# Where did you buy your JVC? Headed to the Dark Side.



## nathan_h (Feb 19, 2009)

It's been five years, technology has moved on. 

When last I bought a projector, the landscape was different. 

I figured, I'll just call up AVS and order a 4910. But though they ship from the east coast, they charge tax in CA, so there is a three hundred dollar premium for buying from them. I don't mind tax for a local purchase.

What are other authorized dealers I should be considering?


----------



## rshetts (Feb 14, 2011)

nathan_h said:


> It's been five years, technology has moved on.
> 
> When last I bought a projector, the landscape was different.
> 
> ...


Not sure where you got your information regarding shipping but I recently purchased an Epson 5030UB from them and got free 2 day shipping. Also since Im in Michigan there was no tax. I know Cali has been pretty aggressive about the internet tax thing, so theres probably not too many companies that dont get taxed by California, at least ones I would trust anyway. I would recommend Visual Apex as Ive done business with them but they apparently dont carry JVC. The only other internet vendor Im familiar with is projectorpeople.com. They do carry what youre looking for.


----------



## nathan_h (Feb 19, 2009)

rshetts said:


> Not sure where you got your information regarding shipping but I recently purchased an Epson 5030UB from them and got free 2 day shipping. Also since Im in Michigan there was no tax. I know Cali has been pretty aggressive about the internet tax thing, so theres probably not too many companies that dont get taxed by California, at least ones I would trust anyway. I would recommend Visual Apex as Ive done business with them but they apparently dont carry JVC. The only other internet vendor Im familiar with is projectorpeople.com. They do carry what youre looking for.
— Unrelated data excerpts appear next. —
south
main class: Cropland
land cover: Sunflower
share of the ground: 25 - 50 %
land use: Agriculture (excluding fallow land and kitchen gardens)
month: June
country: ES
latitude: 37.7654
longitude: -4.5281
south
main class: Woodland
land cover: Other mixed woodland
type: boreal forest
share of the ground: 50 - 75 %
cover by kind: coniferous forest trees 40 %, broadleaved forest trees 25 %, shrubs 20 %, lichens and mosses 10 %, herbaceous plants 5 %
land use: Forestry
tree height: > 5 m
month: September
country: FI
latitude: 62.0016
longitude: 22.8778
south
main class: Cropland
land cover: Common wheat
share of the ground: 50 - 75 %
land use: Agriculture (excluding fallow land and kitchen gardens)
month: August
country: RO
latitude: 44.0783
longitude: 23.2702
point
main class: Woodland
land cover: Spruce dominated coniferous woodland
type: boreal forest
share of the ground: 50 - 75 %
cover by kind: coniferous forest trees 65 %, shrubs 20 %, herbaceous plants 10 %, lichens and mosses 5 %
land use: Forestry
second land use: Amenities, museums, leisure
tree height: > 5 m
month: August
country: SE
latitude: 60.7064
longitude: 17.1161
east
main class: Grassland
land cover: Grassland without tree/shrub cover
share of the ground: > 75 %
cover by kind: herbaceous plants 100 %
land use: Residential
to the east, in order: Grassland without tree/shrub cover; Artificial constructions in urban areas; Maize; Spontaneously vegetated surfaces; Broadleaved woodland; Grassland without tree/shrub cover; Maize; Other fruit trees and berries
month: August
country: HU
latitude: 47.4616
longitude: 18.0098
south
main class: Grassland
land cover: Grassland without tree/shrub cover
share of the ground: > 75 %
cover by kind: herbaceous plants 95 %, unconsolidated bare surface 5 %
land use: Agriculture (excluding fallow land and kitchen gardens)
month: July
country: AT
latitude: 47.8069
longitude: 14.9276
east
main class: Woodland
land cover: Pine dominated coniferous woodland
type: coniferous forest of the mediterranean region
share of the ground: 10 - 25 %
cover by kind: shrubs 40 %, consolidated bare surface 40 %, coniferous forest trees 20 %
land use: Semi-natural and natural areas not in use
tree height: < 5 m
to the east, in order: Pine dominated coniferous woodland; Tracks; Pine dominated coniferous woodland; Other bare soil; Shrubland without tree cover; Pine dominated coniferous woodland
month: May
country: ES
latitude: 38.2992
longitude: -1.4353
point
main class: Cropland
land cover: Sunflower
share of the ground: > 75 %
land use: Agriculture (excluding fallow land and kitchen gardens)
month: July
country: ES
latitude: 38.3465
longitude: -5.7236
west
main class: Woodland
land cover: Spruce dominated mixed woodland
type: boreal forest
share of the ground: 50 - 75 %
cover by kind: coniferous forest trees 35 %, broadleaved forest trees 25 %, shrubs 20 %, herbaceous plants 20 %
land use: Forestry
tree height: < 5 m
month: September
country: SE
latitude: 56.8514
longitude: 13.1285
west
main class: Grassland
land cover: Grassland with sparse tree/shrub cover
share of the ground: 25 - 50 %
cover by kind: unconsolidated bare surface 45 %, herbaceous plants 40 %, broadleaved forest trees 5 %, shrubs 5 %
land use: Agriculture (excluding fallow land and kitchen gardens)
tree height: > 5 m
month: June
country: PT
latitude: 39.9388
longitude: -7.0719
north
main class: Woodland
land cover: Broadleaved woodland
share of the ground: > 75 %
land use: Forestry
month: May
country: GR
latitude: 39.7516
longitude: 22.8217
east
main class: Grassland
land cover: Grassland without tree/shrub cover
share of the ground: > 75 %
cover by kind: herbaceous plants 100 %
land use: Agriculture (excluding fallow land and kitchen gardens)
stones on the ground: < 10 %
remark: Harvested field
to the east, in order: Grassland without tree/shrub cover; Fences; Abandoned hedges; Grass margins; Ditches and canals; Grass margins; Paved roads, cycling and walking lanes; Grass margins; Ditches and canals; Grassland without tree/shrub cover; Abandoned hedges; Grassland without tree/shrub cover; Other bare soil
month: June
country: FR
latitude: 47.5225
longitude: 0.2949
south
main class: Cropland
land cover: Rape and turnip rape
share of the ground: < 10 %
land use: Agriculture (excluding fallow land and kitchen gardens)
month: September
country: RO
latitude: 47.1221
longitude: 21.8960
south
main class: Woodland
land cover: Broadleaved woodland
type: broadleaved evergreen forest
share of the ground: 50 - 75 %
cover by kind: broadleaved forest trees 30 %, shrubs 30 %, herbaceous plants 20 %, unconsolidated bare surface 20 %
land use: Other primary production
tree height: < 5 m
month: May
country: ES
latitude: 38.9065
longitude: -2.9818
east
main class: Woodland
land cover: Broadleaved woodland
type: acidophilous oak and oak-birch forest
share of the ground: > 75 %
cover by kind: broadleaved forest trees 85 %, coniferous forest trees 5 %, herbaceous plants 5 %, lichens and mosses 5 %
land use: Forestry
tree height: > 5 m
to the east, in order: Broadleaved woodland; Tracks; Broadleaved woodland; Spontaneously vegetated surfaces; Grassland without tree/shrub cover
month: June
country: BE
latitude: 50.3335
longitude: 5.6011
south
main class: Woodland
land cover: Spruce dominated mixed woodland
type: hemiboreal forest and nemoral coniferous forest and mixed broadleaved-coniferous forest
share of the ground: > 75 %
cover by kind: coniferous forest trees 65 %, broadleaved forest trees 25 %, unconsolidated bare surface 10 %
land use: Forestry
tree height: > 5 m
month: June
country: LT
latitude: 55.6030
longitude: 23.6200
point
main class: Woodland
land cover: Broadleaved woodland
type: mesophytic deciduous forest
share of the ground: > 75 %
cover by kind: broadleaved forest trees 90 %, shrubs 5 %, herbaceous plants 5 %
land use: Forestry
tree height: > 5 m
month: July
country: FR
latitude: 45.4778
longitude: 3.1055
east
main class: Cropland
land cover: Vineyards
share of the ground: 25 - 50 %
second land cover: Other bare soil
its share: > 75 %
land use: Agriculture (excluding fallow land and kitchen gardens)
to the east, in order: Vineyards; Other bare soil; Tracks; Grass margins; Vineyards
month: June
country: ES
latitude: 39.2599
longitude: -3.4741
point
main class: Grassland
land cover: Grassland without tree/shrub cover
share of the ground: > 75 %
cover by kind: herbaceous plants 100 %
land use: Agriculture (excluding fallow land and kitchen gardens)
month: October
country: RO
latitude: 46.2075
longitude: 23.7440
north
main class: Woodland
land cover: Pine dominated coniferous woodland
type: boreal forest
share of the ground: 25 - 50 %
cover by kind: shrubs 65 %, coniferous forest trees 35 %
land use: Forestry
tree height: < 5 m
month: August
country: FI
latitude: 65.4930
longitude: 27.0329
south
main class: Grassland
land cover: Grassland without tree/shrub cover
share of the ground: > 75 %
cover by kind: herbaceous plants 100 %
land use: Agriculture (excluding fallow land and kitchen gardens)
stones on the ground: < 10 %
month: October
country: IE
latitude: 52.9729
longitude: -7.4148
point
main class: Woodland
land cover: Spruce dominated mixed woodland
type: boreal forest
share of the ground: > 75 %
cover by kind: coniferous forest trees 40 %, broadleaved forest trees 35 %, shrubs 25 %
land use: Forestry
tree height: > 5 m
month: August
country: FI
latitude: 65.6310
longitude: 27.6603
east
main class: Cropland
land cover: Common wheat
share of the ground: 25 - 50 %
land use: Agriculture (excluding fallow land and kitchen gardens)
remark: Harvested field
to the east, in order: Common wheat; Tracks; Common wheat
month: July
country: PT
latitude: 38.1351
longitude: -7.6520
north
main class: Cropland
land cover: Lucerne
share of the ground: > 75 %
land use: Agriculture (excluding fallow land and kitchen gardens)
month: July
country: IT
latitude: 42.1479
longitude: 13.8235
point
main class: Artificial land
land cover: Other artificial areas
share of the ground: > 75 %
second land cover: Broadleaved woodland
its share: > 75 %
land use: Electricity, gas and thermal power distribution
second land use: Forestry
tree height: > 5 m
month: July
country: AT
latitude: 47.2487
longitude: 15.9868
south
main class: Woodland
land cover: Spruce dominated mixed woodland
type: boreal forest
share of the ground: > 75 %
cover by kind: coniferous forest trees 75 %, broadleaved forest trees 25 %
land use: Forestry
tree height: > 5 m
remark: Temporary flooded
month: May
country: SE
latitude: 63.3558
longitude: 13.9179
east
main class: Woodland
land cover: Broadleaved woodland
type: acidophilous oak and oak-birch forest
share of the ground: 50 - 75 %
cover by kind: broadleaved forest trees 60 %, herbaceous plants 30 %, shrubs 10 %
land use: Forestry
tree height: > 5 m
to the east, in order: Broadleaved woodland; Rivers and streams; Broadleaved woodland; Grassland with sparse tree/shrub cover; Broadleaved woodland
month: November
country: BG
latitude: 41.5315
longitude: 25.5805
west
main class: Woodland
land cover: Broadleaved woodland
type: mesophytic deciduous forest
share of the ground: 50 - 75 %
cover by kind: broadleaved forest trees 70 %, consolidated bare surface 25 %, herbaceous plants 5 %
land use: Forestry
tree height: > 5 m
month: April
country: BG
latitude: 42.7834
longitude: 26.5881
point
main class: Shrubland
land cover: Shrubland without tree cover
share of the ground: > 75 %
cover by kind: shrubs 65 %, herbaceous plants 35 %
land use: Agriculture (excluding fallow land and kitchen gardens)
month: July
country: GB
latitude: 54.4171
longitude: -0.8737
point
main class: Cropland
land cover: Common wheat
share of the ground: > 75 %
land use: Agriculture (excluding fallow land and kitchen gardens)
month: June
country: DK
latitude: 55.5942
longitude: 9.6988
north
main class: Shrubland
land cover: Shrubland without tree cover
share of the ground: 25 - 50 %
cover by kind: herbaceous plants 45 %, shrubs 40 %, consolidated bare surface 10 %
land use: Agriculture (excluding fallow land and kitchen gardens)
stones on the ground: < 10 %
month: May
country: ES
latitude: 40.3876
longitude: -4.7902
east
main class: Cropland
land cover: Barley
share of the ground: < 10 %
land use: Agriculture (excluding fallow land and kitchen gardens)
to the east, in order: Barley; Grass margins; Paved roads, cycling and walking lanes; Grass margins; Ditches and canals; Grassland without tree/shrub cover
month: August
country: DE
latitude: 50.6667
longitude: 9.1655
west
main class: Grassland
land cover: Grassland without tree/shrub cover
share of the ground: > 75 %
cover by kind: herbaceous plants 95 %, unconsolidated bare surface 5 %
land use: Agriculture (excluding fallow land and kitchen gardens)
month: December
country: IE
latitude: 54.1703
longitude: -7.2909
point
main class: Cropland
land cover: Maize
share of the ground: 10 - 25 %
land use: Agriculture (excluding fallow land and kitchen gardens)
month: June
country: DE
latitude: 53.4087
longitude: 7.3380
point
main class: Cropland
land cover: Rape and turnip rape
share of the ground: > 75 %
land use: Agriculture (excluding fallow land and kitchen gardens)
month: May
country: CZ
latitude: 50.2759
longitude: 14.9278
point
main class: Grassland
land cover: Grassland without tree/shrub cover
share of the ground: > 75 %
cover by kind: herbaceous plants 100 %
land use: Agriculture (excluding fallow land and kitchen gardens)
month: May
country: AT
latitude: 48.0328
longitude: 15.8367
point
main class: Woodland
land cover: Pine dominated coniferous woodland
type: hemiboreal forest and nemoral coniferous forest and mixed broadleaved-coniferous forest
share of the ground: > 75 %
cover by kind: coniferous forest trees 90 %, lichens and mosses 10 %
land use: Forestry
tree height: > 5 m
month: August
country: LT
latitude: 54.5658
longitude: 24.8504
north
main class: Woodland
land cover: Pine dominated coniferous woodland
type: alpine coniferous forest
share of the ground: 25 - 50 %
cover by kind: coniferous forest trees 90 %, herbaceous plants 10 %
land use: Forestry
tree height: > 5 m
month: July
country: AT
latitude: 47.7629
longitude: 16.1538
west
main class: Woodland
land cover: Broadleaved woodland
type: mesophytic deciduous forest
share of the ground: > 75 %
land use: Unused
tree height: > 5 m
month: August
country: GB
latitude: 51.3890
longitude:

That's good info. Thanks! Wish JVC sold through Crutchfield. I may try ProjectorPeople. Bought my first projector there more than a decade ago. Not quite as consumer friendly, but a legitimate reseller.


----------



## jimbodude (Jul 26, 2011)

You can sometimes get stuff directly from the factory refurbed with a full warranty for a steep discount. Takes a lot of waiting, and constant watching, though. They don't have any projectors listed today, for example. http://www.ebay.com/usr/jvcprostore


----------



## nathan_h (Feb 19, 2009)

jimbodude said:


> You can sometimes get stuff directly from the factory refurbed with a full warranty for a steep discount. Takes a lot of waiting, and constant watching, though. They don't have any projectors listed today, for example. http://www.ebay.com/usr/jvcprostore


Very cool idea. Thanks.


----------